Waxman Literary Agency
■ Family of Spies: My Father, the Nazis, and the Only Secret Agent Convicted for the Attack on Pearl Harbor
Christine Kuehn (Celadon, Spring 2025). The true story of the author’s family, who were sleeper spies stationed in Hawaii.
■ A Horse’s World; A Brain Scientist’s Bond with Horses
Janet L. Jones, (Little, Brown, Spring 2026). Jones explores the science behind horse minds and how it affects behavior.
■ Like Happiness
Ursula Villarreal-Moura (Celadon, March). The story of a young women’s damaging relationship with a writer.
■ Sell Like a Spy: The Art of Persuasion from the World of Espionage
Jeremy Hurewitz (Diversion, August 2024). Hurewitz uses his relationships with former FBI and CIA agents along with spycraft strategies and tactics to sell anything.
William Morris Endeavor
■ The Strange Case of Jane O.
Karen Thompson Walker (Random House). A reclusive woman and her unconventional psychiatrist are drawn together as they plumb eerie dimensions of memory, truth, human consciousness, connection, and fate, from the bestselling author of The Dreamers.

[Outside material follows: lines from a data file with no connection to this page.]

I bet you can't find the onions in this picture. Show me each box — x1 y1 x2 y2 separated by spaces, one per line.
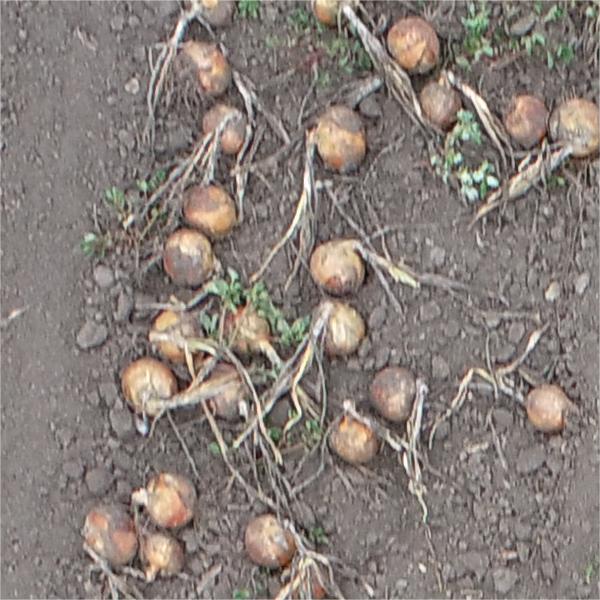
504 97 547 144
418 79 460 128
145 473 193 527
368 367 414 419
204 363 251 420
386 19 438 70
181 183 236 236
243 514 294 566
83 508 136 563
200 0 233 27
309 103 366 169
276 561 324 600
524 383 567 431
204 110 248 155
311 0 340 26
320 306 365 352
229 308 271 348
310 237 362 294
329 411 375 462
119 358 177 409
148 308 202 354
163 232 216 285
140 533 184 573
184 44 231 95
549 98 596 154

■ 20% Smarter: How Neurodivergents are Reshaping the Workplace and the World
David Flink (Grand Central). Flink identifies six key traits common across neurodivergents, and how they help organizations supercharge their growth.
■ Inconceivable
Rebecca Cox (TBA). A moving, timely exploration of the consequences of our choices about how we create new life in the context of advancements in fertility treatments.
■ The Exes
Leodora Darlington (TBA). A razor-sharp debut thriller that examines how often women, particularly women of color, can feel so cruelly trapped by the men they date.
Writers House
■ The Chase: An Unconventional, Uninhibited, and Unapologetic Guide to Getting What You Want
Jenny Wood (Portfolio, March 2025). Going after the life and career of your dreams requires a pair of sharp elbows, an appetite for smart risk, and the stubborn willingness to bend the rules that society designed to let others maintain their lead, Wood argues.
■ The Good Evil
Samanta Schweblin (Knopf, spring 2025). A short story collection about the fragility of life in which ordinary people grapple with the uncontrollability of what they deeply care about.
■ Southern Man
Greg Iles (William Morrow, May 2024). A new Penn Cage novel about a man—and a town—rocked by anarchy and tragedy, but unbowed in the fight to save those they love.
■ What You Make of Me
S.M. Dess (Penguin Press, March 2025). Dess follows devoted but fiercely competitive siblings whose overlapping desires as artists, thinkers, and lovers comes to a head when they both fall for the same headstrong woman, who, by refusing to play their game, helps drive it into their final act.